The “shape” or configuration of the sensori-neural hearing loss, at least in worker’s compensation board claims for noise exposure, is one of the base elements for deciding whether a hearing loss is indeed a noise induced hearing loss. Yet, not all audiograms of workers exposed to high levels of noise (or music) have a “notched” audiogram with the greatest hearing loss being in the 3000-6000 Hz frequency region.
Dr. David Barrs, MD, who is now with the Mayo Clinic in Rochester, MN, did some interesting work earlier in his career. Dr. Barrs and his colleagues found that only 37% of those workers who were exposed to noise and had a sensori-neural hearing loss had an audiometric notch in the 3000-6000 Hz frequency region.
They attributed this to a number of potential reasons such as presbycusis which over time reduced the 6000 Hz and 8000 Hz acuity such that the upper frequency end of the notch was flattened out. Nevertheless, not having an audiometric notch does noise prevent a diagnosis of noise exposure, and conversely, having an audiometric notch does not mean that the hearing loss was noise induced.

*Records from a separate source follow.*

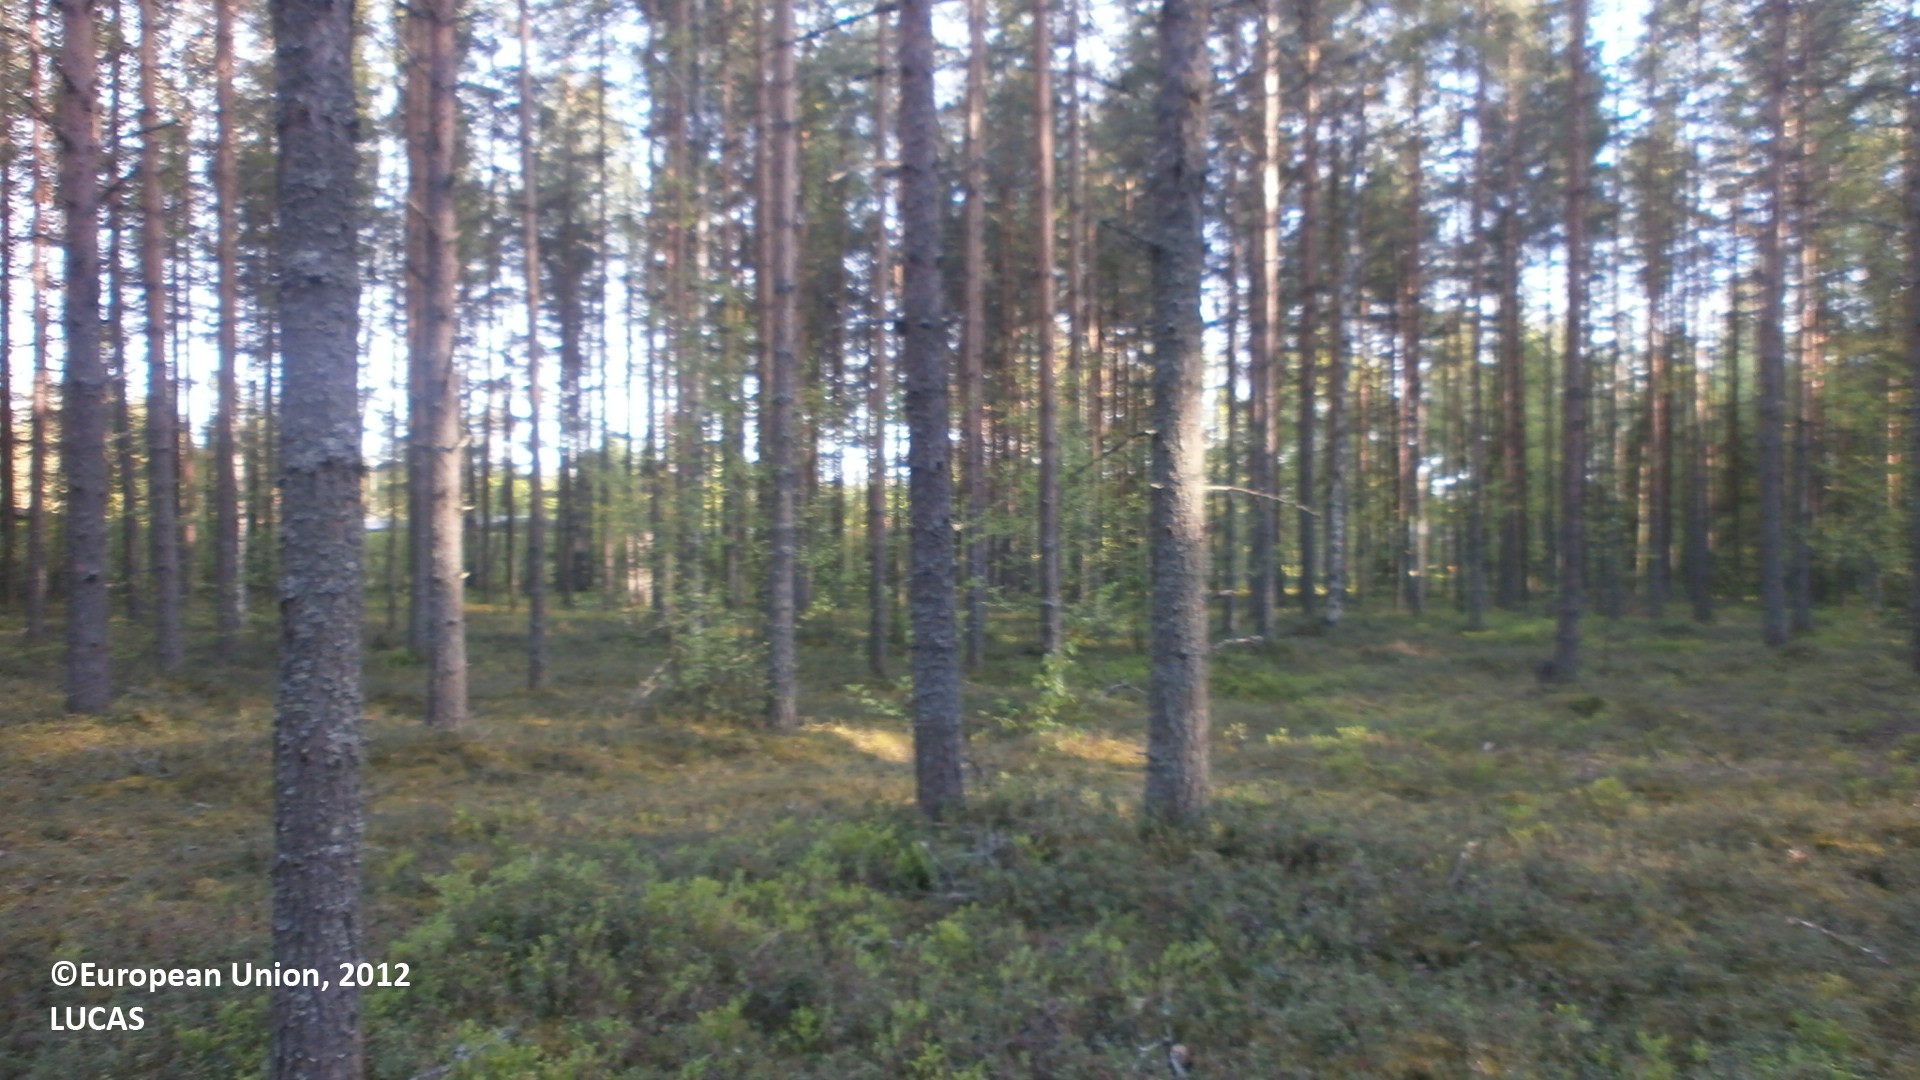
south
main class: Woodland
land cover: Pine dominated coniferous woodland
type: hemiboreal forest and nemoral coniferous forest and mixed broadleaved-coniferous forest
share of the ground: 50 - 75 %
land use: Semi-natural and natural areas not in use
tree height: > 5 m
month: June
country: FI
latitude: 64.4915
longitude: 25.0014
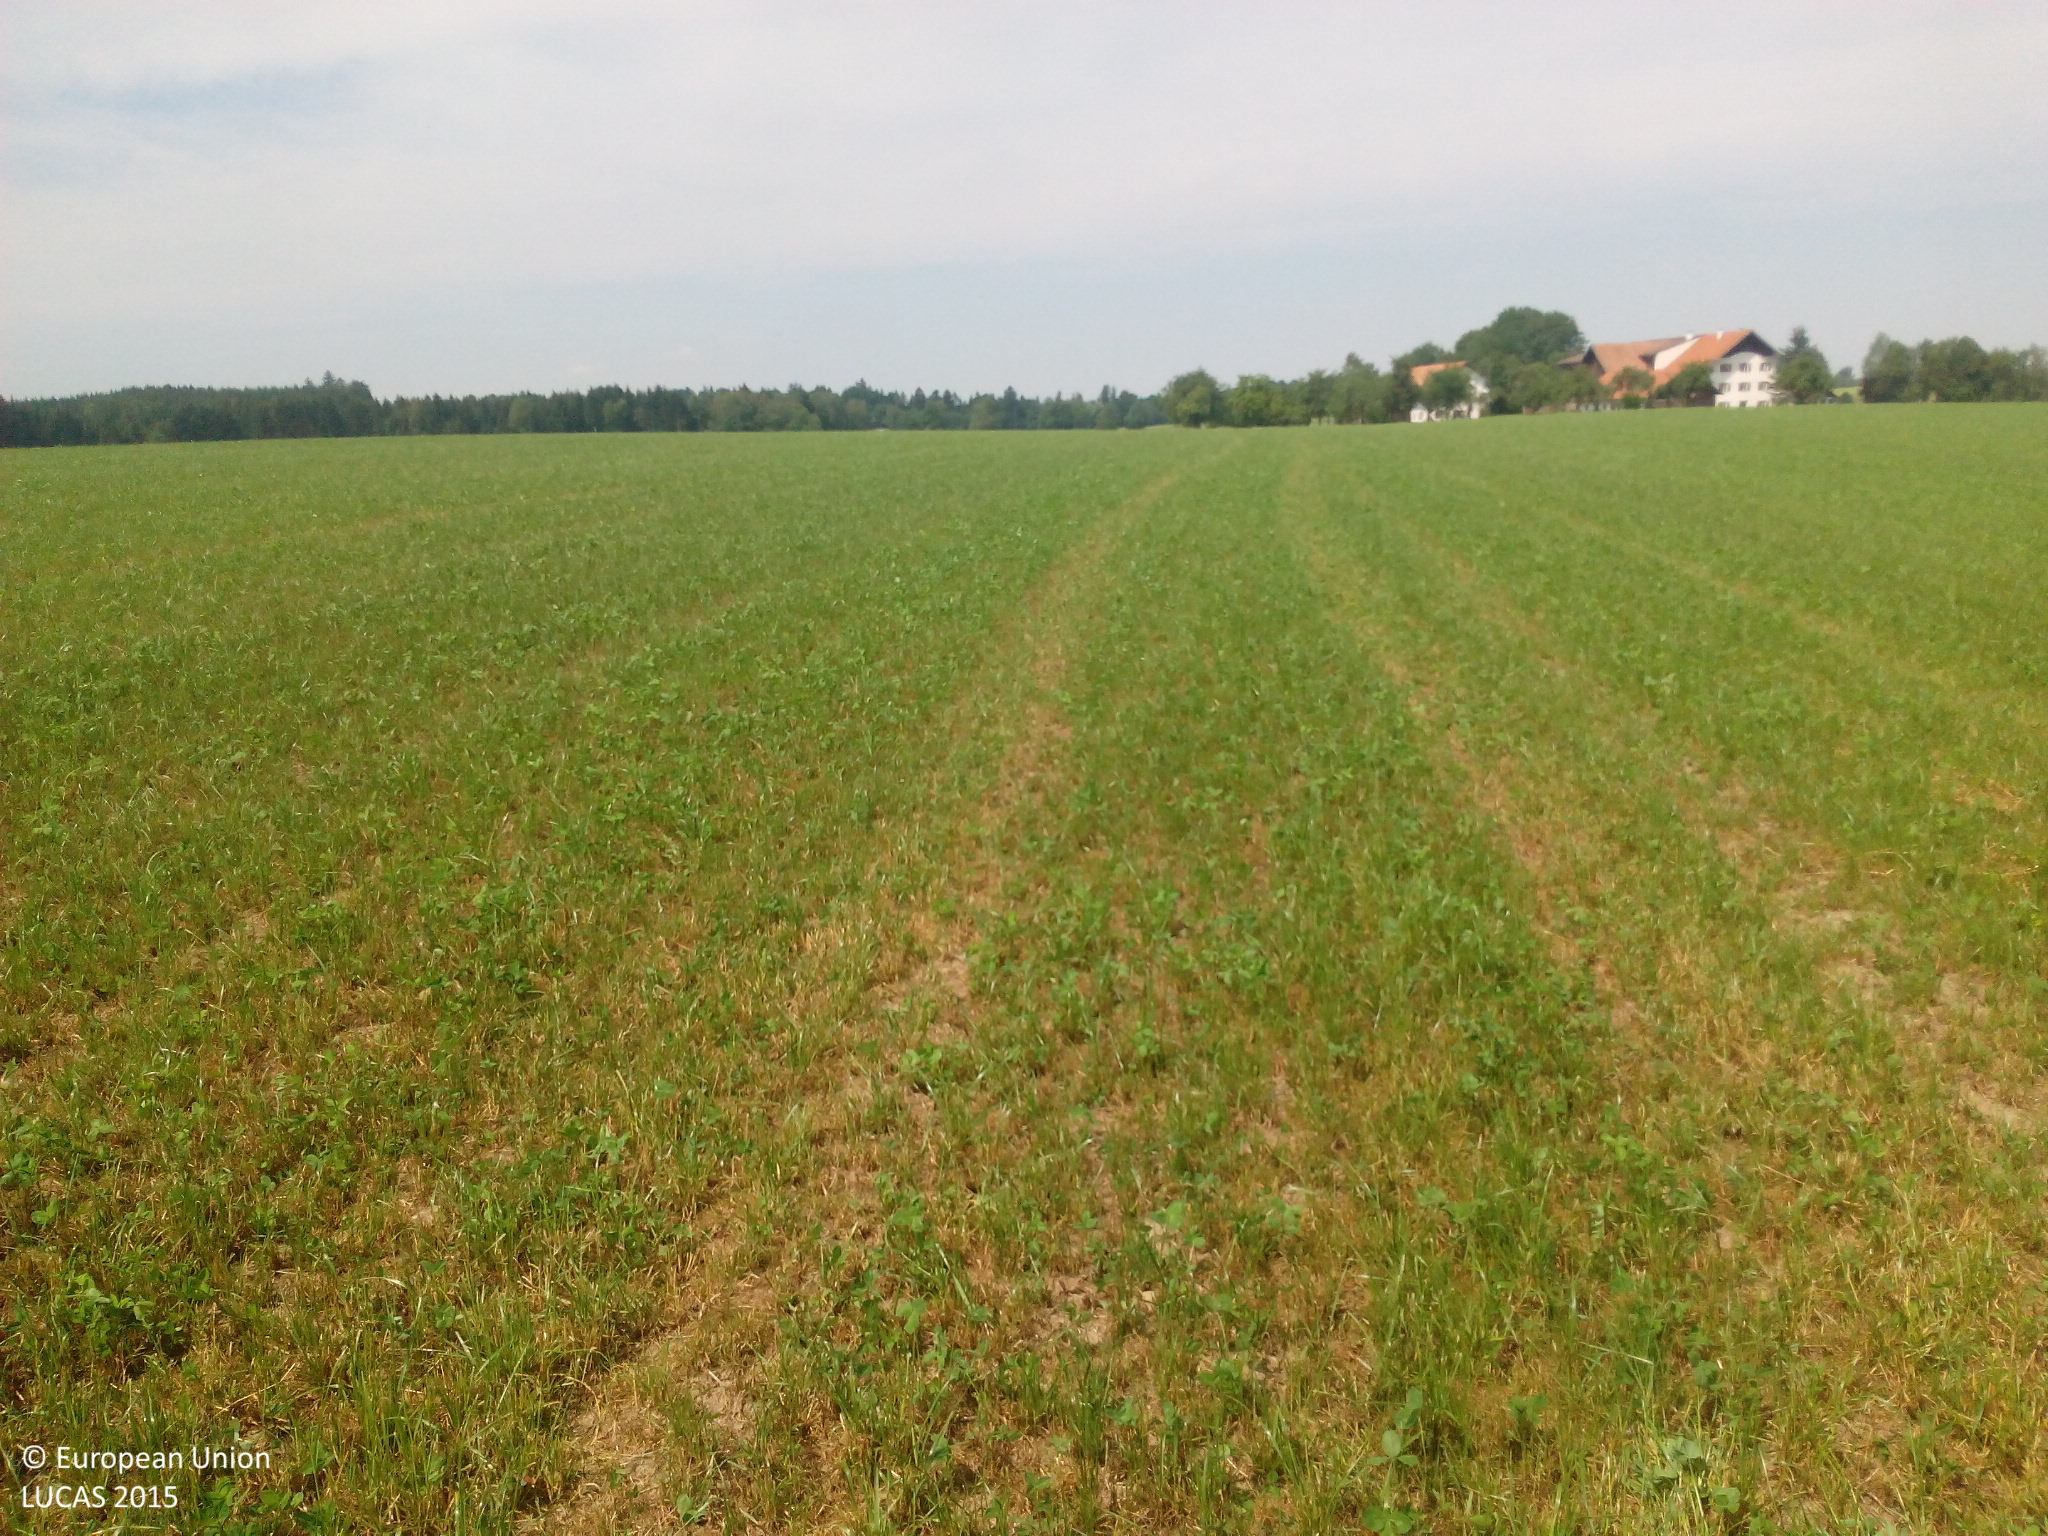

As we will see below, the studies about the various proposed reasons for why the greatest hearing loss is in the 3000-6000 Hz region reads as an historical novel with contributions from as far back as 1934. Here is a synopsis of the studies about the various potential reasons about the NIHL notch. Several explanations have been proposed for this audiometric notch over the past almost 80 years but to date, there is no one accepted explanation- it is a frequently observed audiometric shape (but not the only noise induced shape). In the following cases, the internet has not been gracious enough to provide us with links, historical or otherwise:
Crow, Guild, and Polvagat, 1934 have shown that part of the explanation may be related to a poorer blood supply in the cochlea that corresponds to the 3000-6000 Hz region;
Bohne, 1976 showed that there is a greater susceptibility for damage of the supporting structures of the cochlear hair cells in the 3000-6000 Hz region;
Hilding, 1953, and Schuknecht and Tonndorf, 1960 showed that the orientation of the stapes footplate in the middle ear, into the inner ear is such that the primary force vector aims towards those cochlear hair cells in the 3000-6000 Hz region, with the effect of eventual failure because of the constant hydro-mechanical action; and
Tonndorf, 1976, and Caiazzo and Tonndorf, 1977, have shown that permanent noise exposure has its greatest effect approximately one half octave above the peak frequency of the noise spectrum, and since the “peak” is typically that of an adult’s ear canal resonance (at 2700 Hz), the greatest hearing loss will be the 4000-6000 Hz region.
Despite the age of these references, there are no more modern data that contradict these findings or suppositions.